Write out every entry exactly as given, but omit the pictures.

Records from a data collection
================
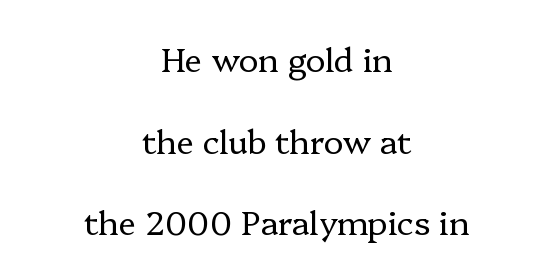
The image shows 33 px regular-weight serif type, upright; set centered, loose line spacing (2.47x), normal letter spacing, not underlined; low stroke contrast and a medium x-height.
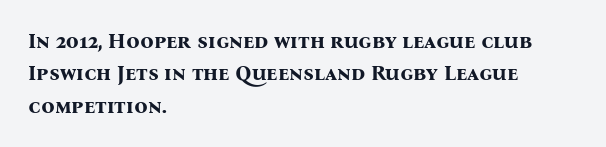
Unlike italic type, these characters show no tilt at all. Line starts are locked; line ends wander. Characters follow at the spacing the type designer built in. On the weight axis this lands at bold, roughly 700. The passage shown is not underscored anywhere.
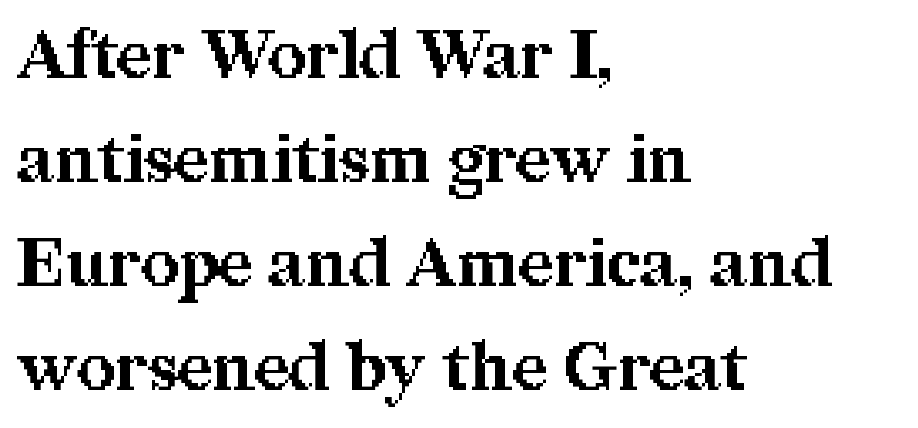
{"serif": "yes", "italic": "no", "bold": "yes", "weight": "bold", "width": "normal", "stroke_contrast": "medium", "x_height": "medium", "monospaced": "no", "underline": "no", "align": "left", "line_spacing": "normal", "line_spacing_ratio": 1.55, "letter_spacing": "normal", "letter_spacing_em": 0.0, "glyph_px": 67}
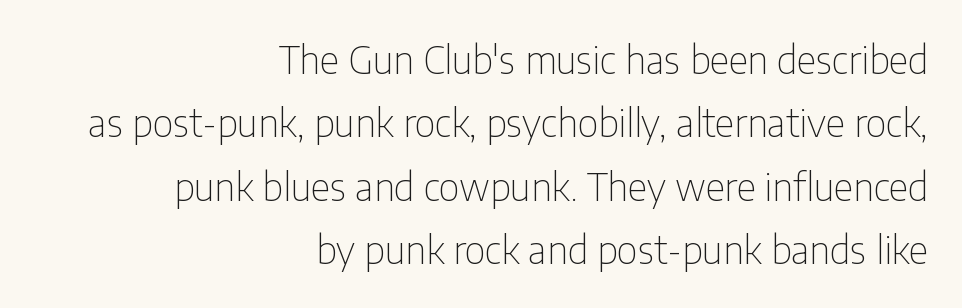
Q: Is the text bold? A: No.
Q: Is the text italic (slanted)? A: No, it is upright.
Q: Is the typeface a serif or a sans-serif typeface? A: Sans-serif.
Q: Is the text underlined? A: No.
Q: How is the paragraph aligned? A: Right-aligned.
Q: Is the spacing between letters normal or unusually wide? A: Normal.
Q: Is the spacing between lines tight, normal or loose? A: Normal.
Q: Width (condensed, normal, or wide)? A: Condensed.
Q: Stroke contrast? A: Low.
Q: x-height? A: Medium.
Q: Monospaced? A: No.
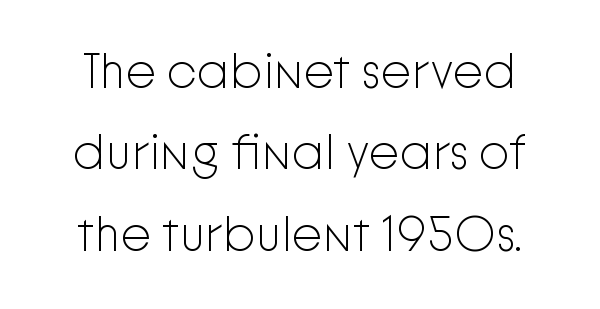
Vertical spacing — default. You can tell from the bare stems that sans-serif type was used. Ascenders rise straight up at ninety degrees. Underlining? Definitely not there. No extra ink here — the face is not bold.
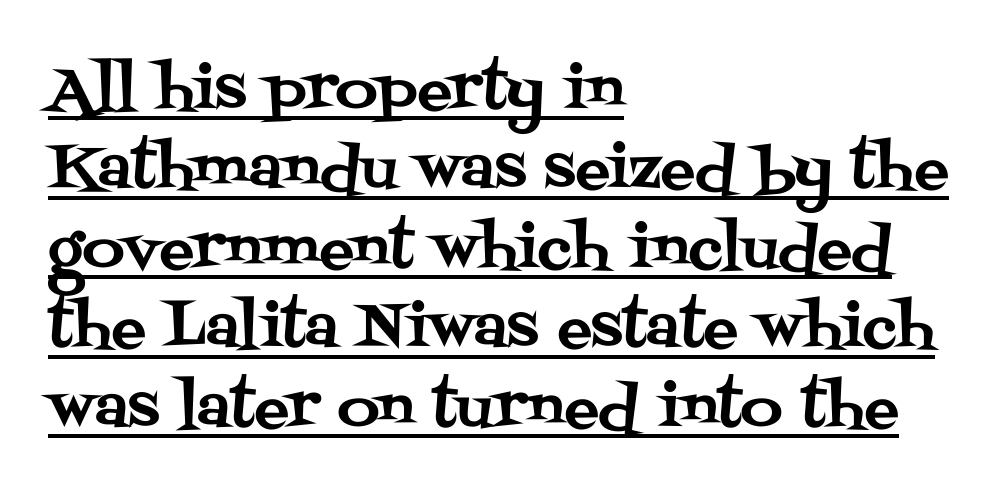
Underlining? Definitely there. The font family rendered here belongs to the serif group. There is no visible air inserted between adjacent glyphs. Nope, not italic — everything's standing straight. Looks like regular typesetting: each glyph gets only the width it needs.
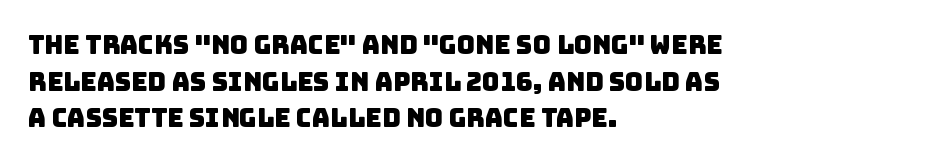
Q: Is the text underlined? A: No.
Q: How is the paragraph aligned? A: Left-aligned.
Q: Is the spacing between letters normal or unusually wide? A: Normal.
Q: Is the spacing between lines tight, normal or loose? A: Normal.
================
◆ **Result**
The image shows 33 px regular-weight serif type, upright; set centered, loose line spacing (2.47x), normal letter spacing, not underlined; low stroke contrast and a medium x-height.
Unlike italic type, these characters show no tilt at all. Line starts are locked; line ends wander. Characters follow at the spacing the type designer built in. On the weight axis this lands at bold, roughly 700. The passage shown is not underscored anywhere.
{"serif": "yes", "italic": "no", "bold": "yes", "weight": "bold", "width": "normal", "stroke_contrast": "medium", "x_height": "medium", "monospaced": "no", "underline": "no", "align": "left", "line_spacing": "normal", "line_spacing_ratio": 1.55, "letter_spacing": "normal", "letter_spacing_em": 0.0, "glyph_px": 67}
Q: Is the text bold? A: No.
Q: Is the text italic (slanted)? A: No, it is upright.
Q: Is the typeface a serif or a sans-serif typeface? A: Sans-serif.
Q: Is the text underlined? A: No.
Q: How is the paragraph aligned? A: Right-aligned.
Q: Is the spacing between letters normal or unusually wide? A: Normal.
Q: Is the spacing between lines tight, normal or loose? A: Normal.
Q: Width (condensed, normal, or wide)? A: Condensed.
Q: Stroke contrast? A: Low.
Q: x-height? A: Medium.
Q: Monospaced? A: No.
Vertical spacing — default. You can tell from the bare stems that sans-serif type was used. Ascenders rise straight up at ninety degrees. Underlining? Definitely not there. No extra ink here — the face is not bold.
Underlining? Definitely there. The font family rendered here belongs to the serif group. There is no visible air inserted between adjacent glyphs. Nope, not italic — everything's standing straight. Looks like regular typesetting: each glyph gets only the width it needs.
Q: Is the text underlined? A: No.
Q: How is the paragraph aligned? A: Left-aligned.
Q: Is the spacing between letters normal or unusually wide? A: Normal.
Q: Is the spacing between lines tight, normal or loose? A: Normal.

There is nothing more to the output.